UTF code
The UTF-8 is to encode the UCS in 8-bit units. The encoding method from UCS-2 to UTF-8 is as follows:
UCS-2 encoding (16-in-system)
UTF-8 byte stream (binary)
0000-007f
0xxxxxxx
0080-07ff
110xxxxx 10xxxxxx
0800-ffff
1110xxxx 10xxxxxx 10xxxxxx
For example, the Unicode encoding of the word "Han" is 6c49. 6c49 between 0800-FFFF, so be sure to use the 3-byte template: 1110xxxx 10xxxxxx 10xxxxxx. The 6c49 is written as binary: 0110 110001 001001, which in turn replaces the X in the template with the following: 11100110 10110001 10001001, or E6 B1 89.
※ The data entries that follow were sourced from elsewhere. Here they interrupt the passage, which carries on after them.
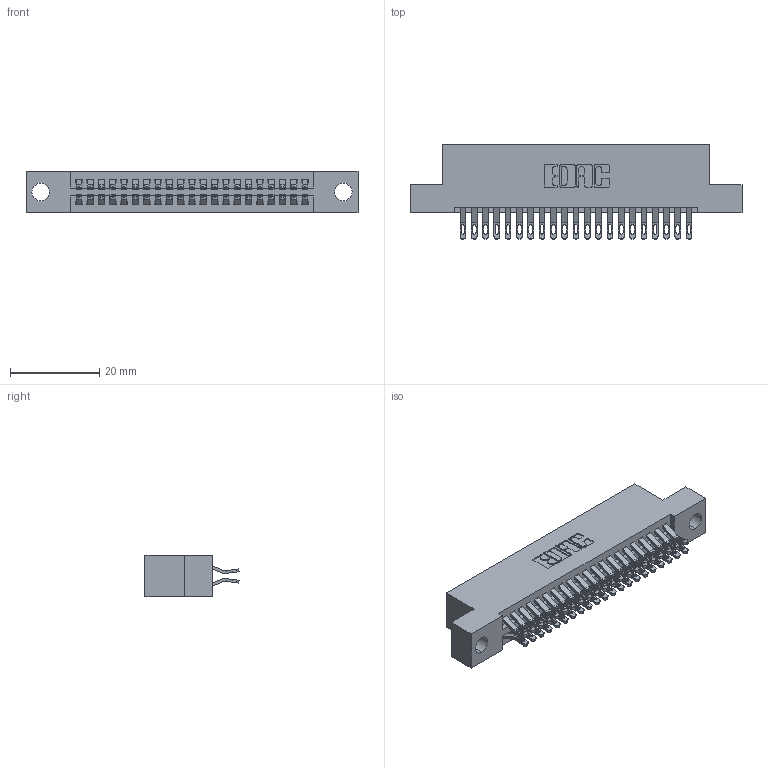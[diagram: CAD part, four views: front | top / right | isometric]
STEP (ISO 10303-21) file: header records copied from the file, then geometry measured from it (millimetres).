
FILE_DESCRIPTION (( 'STEP AP203' ), '1' );
FILE_NAME ('395-042-555-204.STEP', '2018-11-15T11:55:53', ( '' ), ( '' ), 'SwSTEP 2.0', 'SolidWorks 2016', '' );
FILE_SCHEMA (( 'CONFIG_CONTROL_DESIGN' ));
Length unit declared in the file: inch
Products named in the file (3): 395-042-555-204; 345-292-001_555 Tail; 345 Part_Flush Mounting Lugs - 0.156 Dia-TH
Assembly tree (43 placements, depth 2):
  395-042-555-204
    345 Part_Flush Mounting Lugs - 0.156 Dia-TH
    345-292-001_555 Tail  x42
Bounding box: 74.55 x 21.13 x 9.4 mm (x, y, z)
Volume: 7080.8 mm3; surface area: 10298.8 mm2
Topology: 43 solids, 43 shells, 2478 faces, 7775 edges, 5182 vertices
Faces by surface type: plane 1382, cylinder 1096
Entity records: 19633 total; most frequent: CARTESIAN_POINT 3346, ORIENTED_EDGE 3250, DIRECTION 2945, EDGE_CURVE 1625, VECTOR 1389, LINE 1389, VERTEX_POINT 1082, AXIS2_PLACEMENT_3D 778

Finally, Unicode and UTF8 to each other to fix.
If the UTF-8 encoded character ch is 3 bytes. XX yy ZZ
To get XX and 1F and operate a
Make YY and 7F and Operations B
To get the ZZ and 7F and Operations C
(64a+b) *64+c = CH (Unicode encoding)
echo.php nothing. is a few functions.
");
Writing to a Unicode file
$ucs 2data = Utf8tounicode ($data, "little");
$endian = Chr (0xFE). chr (0xFF);
$endian = Chr (0xFF). chr (0xFE);
$rt = file_put_contents ("Ucs2.txt", $endian. $ucs 2data);
19:32,utf8tounicode function OK.
20:09. Found little endian and big endian problems. and resolved.
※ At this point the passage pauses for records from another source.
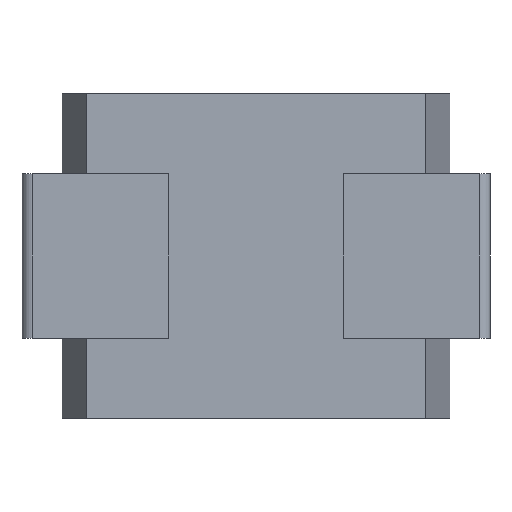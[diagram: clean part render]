
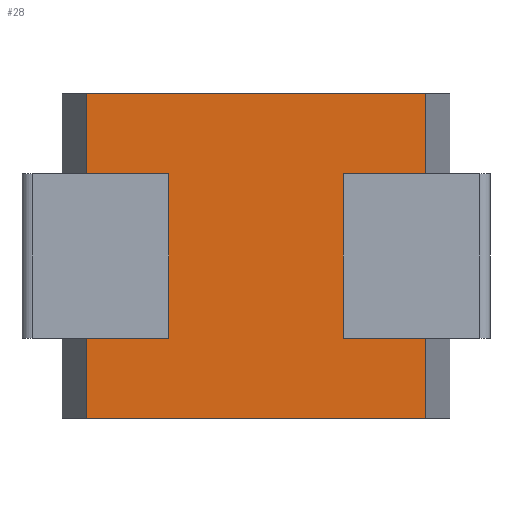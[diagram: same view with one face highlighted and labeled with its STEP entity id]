
A CAD part, front view. The second image highlights one B-rep face of the part: STEP entity #28.
In plain terms, the highlighted planar face has unit normal (0, -1, 0).
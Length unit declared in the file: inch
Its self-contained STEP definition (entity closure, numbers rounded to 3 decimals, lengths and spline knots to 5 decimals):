
#28 = ADVANCED_FACE ( 'NONE', ( #210 ), #566, .T. ) ;
#90 = DIRECTION ( 'NONE',  ( 0., -1., 0. ) ) ;
#94 = CARTESIAN_POINT ( 'NONE',  ( 0.08088, 0., -0.0775 ) ) ;
#173 = ORIENTED_EDGE ( 'NONE', *, *, #1287, .F. ) ;
#210 = FACE_OUTER_BOUND ( 'NONE', #469, .T. ) ;
#279 = AXIS2_PLACEMENT_3D ( 'NONE', #327, #90, #426 ) ;
#327 = CARTESIAN_POINT ( 'NONE',  ( 0., 0., 0. ) ) ;
#347 = CARTESIAN_POINT ( 'NONE',  ( -0.0925, 0., -0.0775 ) ) ;
#355 = CARTESIAN_POINT ( 'NONE',  ( -0.08088, 0., 0.0775 ) ) ;
#363 = VECTOR ( 'NONE', #1411, 39.37008 ) ;
#380 = LINE ( 'NONE', #347, #363 ) ;
#385 = DIRECTION ( 'NONE',  ( 1., 0., 0. ) ) ;
#426 = DIRECTION ( 'NONE',  ( 0., 0., -1. ) ) ;
#437 = VECTOR ( 'NONE', #1389, 39.37008 ) ;
#464 = CARTESIAN_POINT ( 'NONE',  ( -0.08088, 0., -0.0775 ) ) ;
#469 = EDGE_LOOP ( 'NONE', ( #1457, #1398, #173, #1361 ) ) ;
#475 = EDGE_CURVE ( 'NONE', #985, #1478, #1112, .T. ) ;
#477 = CARTESIAN_POINT ( 'NONE',  ( 0.08088, 0., -0.0865 ) ) ;
#566 = PLANE ( 'NONE',  #279 ) ;
#677 = CARTESIAN_POINT ( 'NONE',  ( -0.08088, 0., -0.0865 ) ) ;
#707 = CARTESIAN_POINT ( 'NONE',  ( 0.08088, 0., 0.0775 ) ) ;
#725 = DIRECTION ( 'NONE',  ( 0., 0., 1. ) ) ;
#750 = CARTESIAN_POINT ( 'NONE',  ( -0.0925, 0., 0.0775 ) ) ;
#766 = VERTEX_POINT ( 'NONE', #94 ) ;
#806 = LINE ( 'NONE', #477, #1173 ) ;
#985 = VERTEX_POINT ( 'NONE', #355 ) ;
#987 = VERTEX_POINT ( 'NONE', #464 ) ;
#1112 = LINE ( 'NONE', #750, #1128 ) ;
#1128 = VECTOR ( 'NONE', #385, 39.37008 ) ;
#1173 = VECTOR ( 'NONE', #725, 39.37008 ) ;
#1287 = EDGE_CURVE ( 'NONE', #987, #985, #1300, .T. ) ;
#1300 = LINE ( 'NONE', #677, #437 ) ;
#1341 = EDGE_CURVE ( 'NONE', #766, #987, #380, .T. ) ;
#1361 = ORIENTED_EDGE ( 'NONE', *, *, #1341, .F. ) ;
#1389 = DIRECTION ( 'NONE',  ( 0., 0., 1. ) ) ;
#1398 = ORIENTED_EDGE ( 'NONE', *, *, #475, .F. ) ;
#1411 = DIRECTION ( 'NONE',  ( -1., 0., 0. ) ) ;
#1457 = ORIENTED_EDGE ( 'NONE', *, *, #1467, .T. ) ;
#1467 = EDGE_CURVE ( 'NONE', #766, #1478, #806, .T. ) ;
#1478 = VERTEX_POINT ( 'NONE', #707 ) ;

Big endian The Unicode string stored in a way that neither the UE nor the EditPlus can
Recognition. Only Notepad is normally identified.
$rt = file_put_contents ("Usc2ys_data.txt", $ucs 2_ysdata);
Write to UTF8 file
$utf 8data = UnicodeToUtf8 ($ucs 2data); 20:52. Turn the string back to UTF8 code OK.
$rt = file_put_contents ("Utf8.txt", $utf 8data);
Echo (UrlEncode ($utf 8data)), Echo ("");
$esc = Utf8escape ($data);
Echot ($ESC);
$esc = Phpescape ($data);
Echot ($ESC);
$unesc = Phpunescape ($ESC);
Echot ($UNESC);
/**
* This function converts UTF8 encoded strings into Unicode encoded string
* parameter str, UTF8 encoded string.
* Parameter order, storage data format, is big endian or little endian, the default Unicode storage sequence is little.
* For example: "Big" Unicode code is 5927. Little mode of storage is: 27 59. The big way is in the same order: 59 27.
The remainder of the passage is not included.